-- Goal of the exercise --
Give the data again exactly as written, skipping any pictures.

Stored items from a collection:
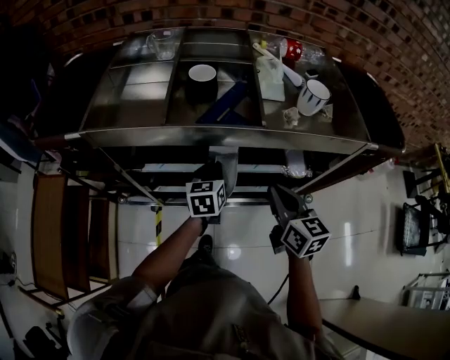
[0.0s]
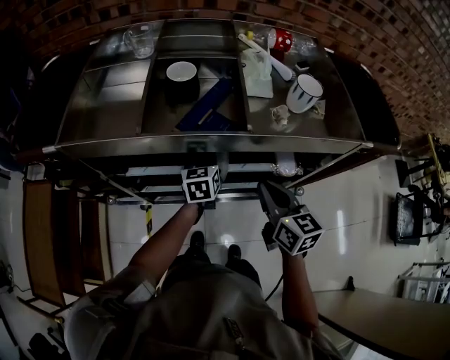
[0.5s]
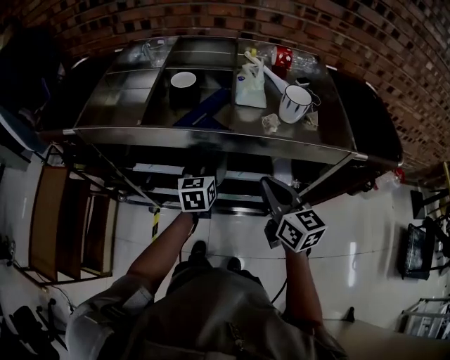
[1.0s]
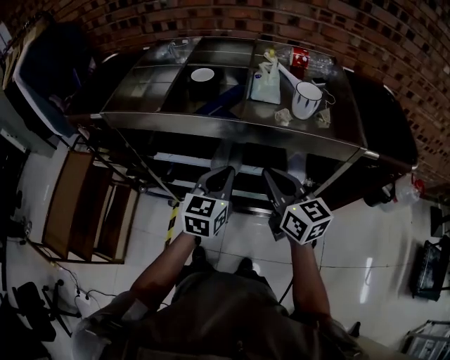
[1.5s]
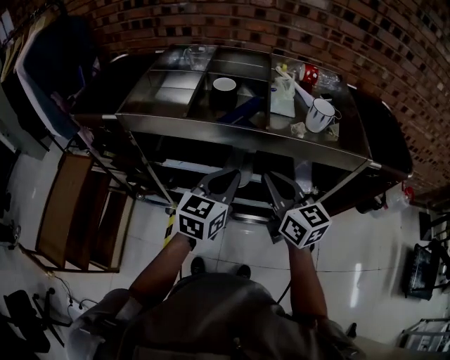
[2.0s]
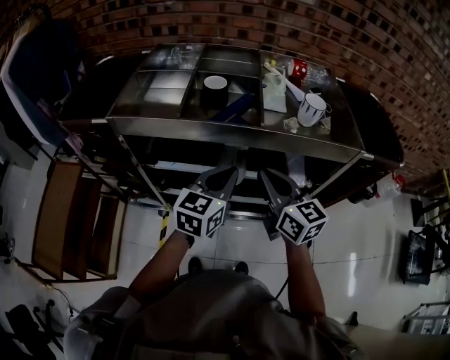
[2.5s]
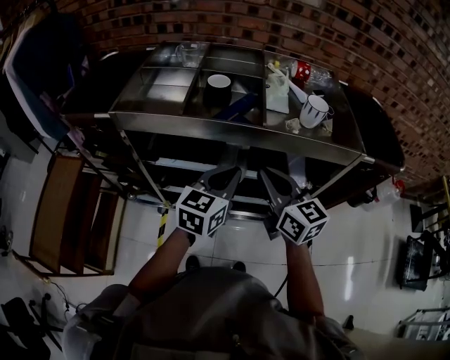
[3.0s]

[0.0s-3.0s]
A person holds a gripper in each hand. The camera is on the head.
0.0s to 1.5s: The right gripper shifts by some 5 cm, and rotates about 20 degrees; the left gripper heads upward, backward and to the right, covering about 15 cm, and opens and closes again.
1.5s to 3.0s: The left gripper changes place by approximately 5 cm. Meanwhile the right gripper goes about 5 cm to the left.

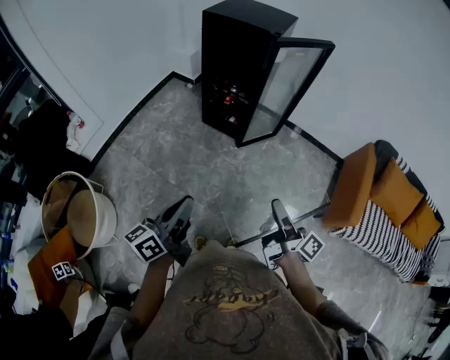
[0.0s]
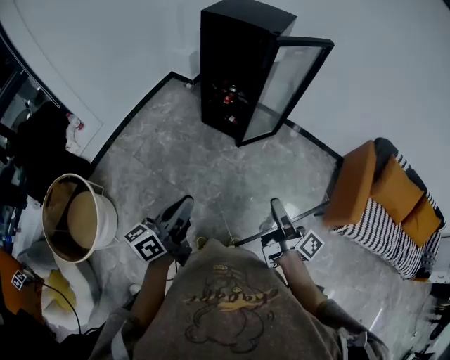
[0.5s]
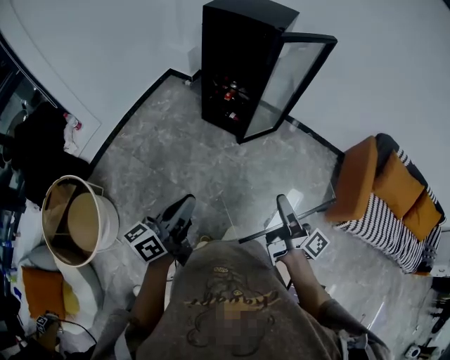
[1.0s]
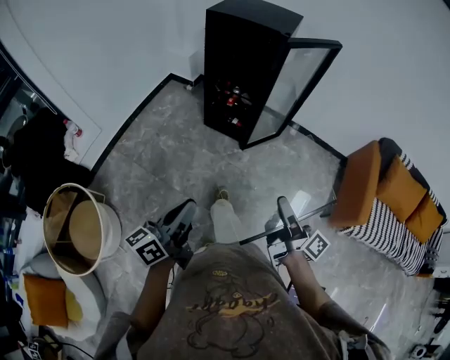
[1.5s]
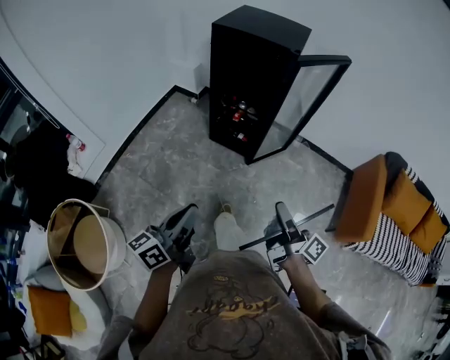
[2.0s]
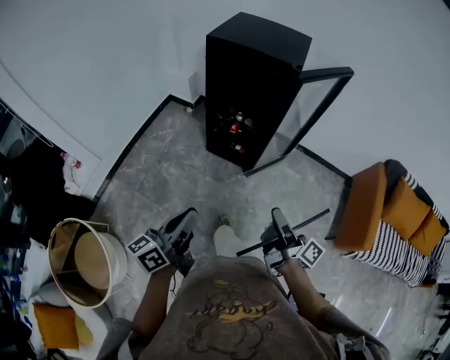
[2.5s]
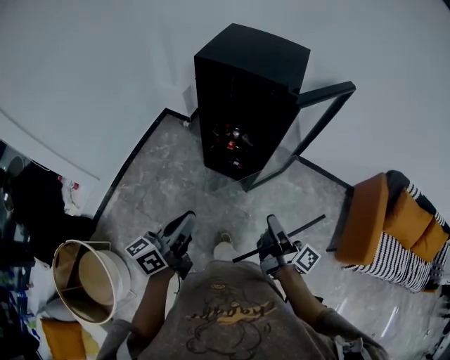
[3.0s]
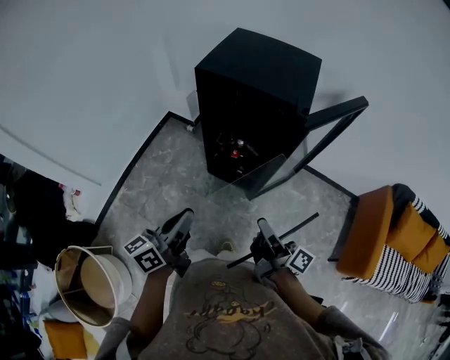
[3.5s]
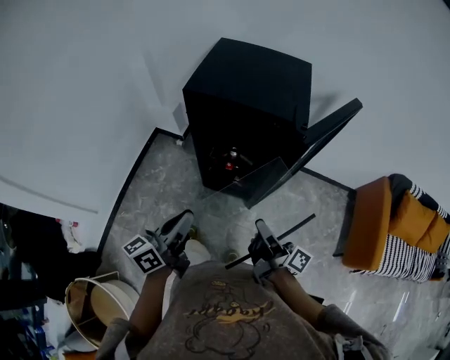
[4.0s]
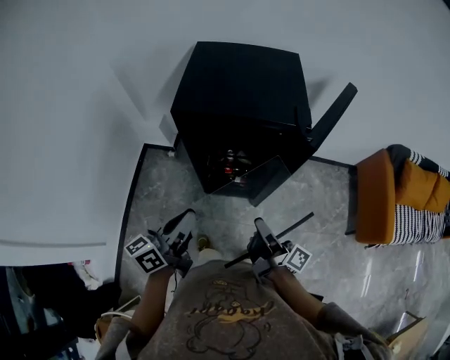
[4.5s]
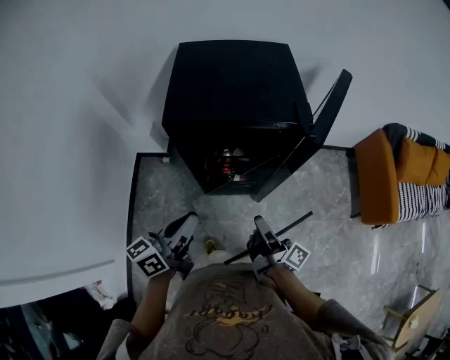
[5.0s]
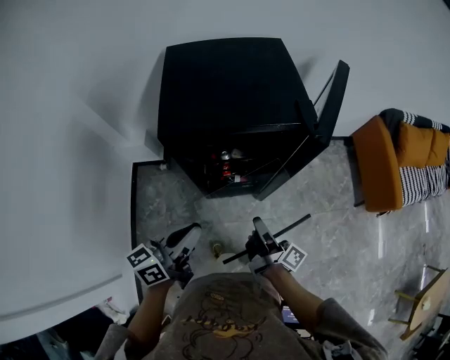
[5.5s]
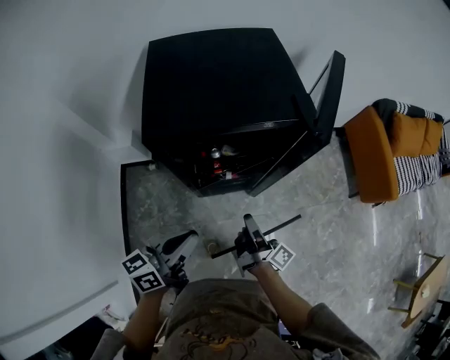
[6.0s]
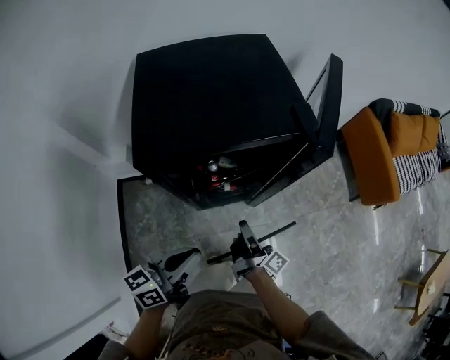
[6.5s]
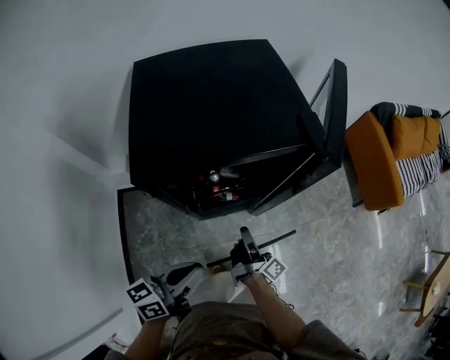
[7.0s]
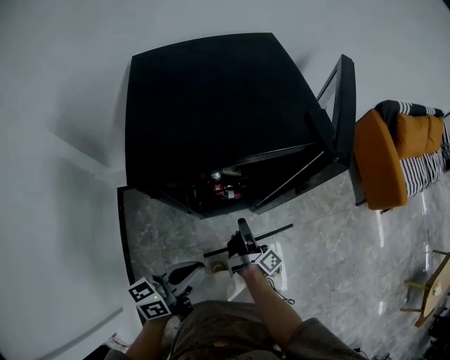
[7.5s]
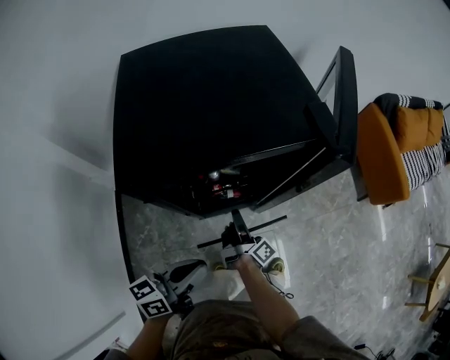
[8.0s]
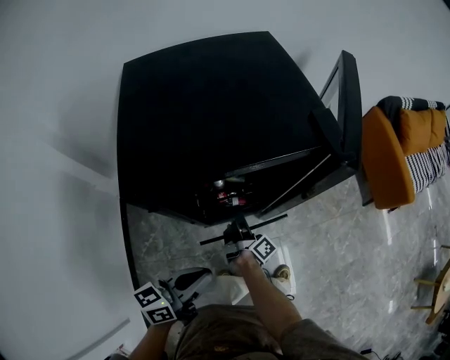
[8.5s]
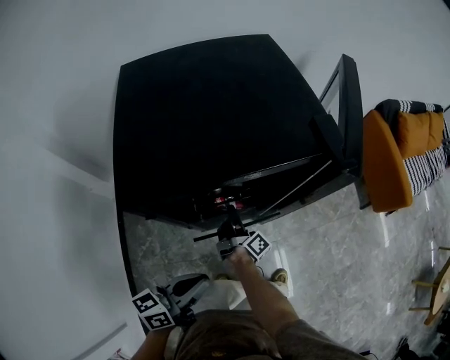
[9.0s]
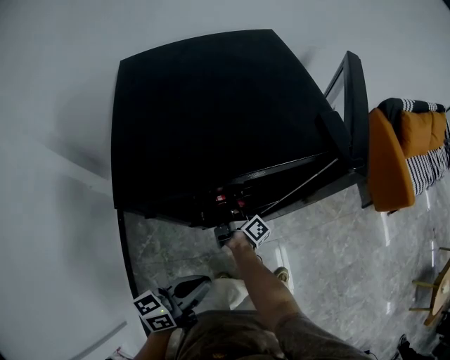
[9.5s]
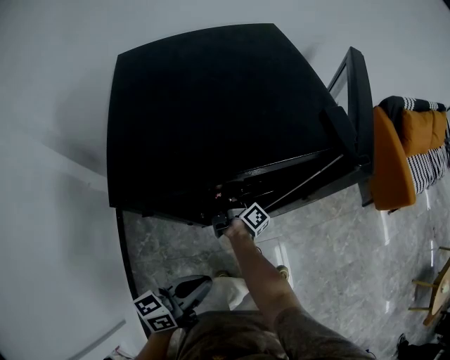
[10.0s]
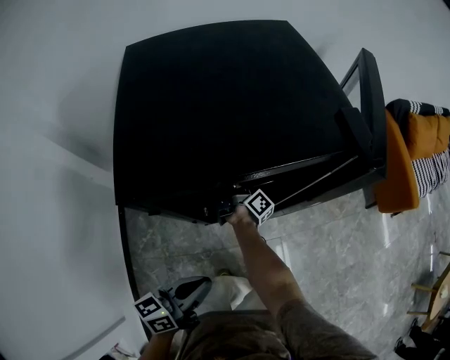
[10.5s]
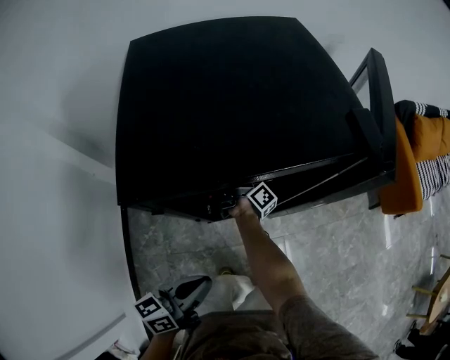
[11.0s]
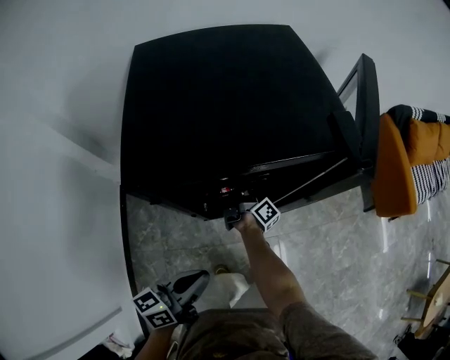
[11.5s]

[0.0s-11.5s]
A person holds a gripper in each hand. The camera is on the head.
0.0s to 2.0s: The left gripper changes place by some 15 cm.
2.0s to 4.0s: The left gripper moves some 35 cm.
4.0s to 6.0s: The left gripper ends up approximately 15 cm from where it was, and turns by roughly 40 degrees.
6.0s to 7.5s: The left gripper shifts about 5 cm downward.

-- Answer to this task --
[0.0s]
[0.5s]
[1.0s]
[1.5s]
[2.0s]
[2.5s]
[3.0s]

[0.0s-3.0s]
A person holds a gripper in each hand. The camera is on the head.
0.0s to 1.5s: The right gripper shifts by some 5 cm, and rotates about 20 degrees; the left gripper heads upward, backward and to the right, covering about 15 cm, and opens and closes again.
1.5s to 3.0s: The left gripper changes place by approximately 5 cm. Meanwhile the right gripper goes about 5 cm to the left.

[0.0s]
[0.5s]
[1.0s]
[1.5s]
[2.0s]
[2.5s]
[3.0s]
[3.5s]
[4.0s]
[4.5s]
[5.0s]
[5.5s]
[6.0s]
[6.5s]
[7.0s]
[7.5s]
[8.0s]
[8.5s]
[9.0s]
[9.5s]
[10.0s]
[10.5s]
[11.0s]
[11.5s]

[0.0s-11.5s]
A person holds a gripper in each hand. The camera is on the head.
0.0s to 2.0s: The left gripper changes place by some 15 cm.
2.0s to 4.0s: The left gripper moves some 35 cm.
4.0s to 6.0s: The left gripper ends up approximately 15 cm from where it was, and turns by roughly 40 degrees.
6.0s to 7.5s: The left gripper shifts about 5 cm downward.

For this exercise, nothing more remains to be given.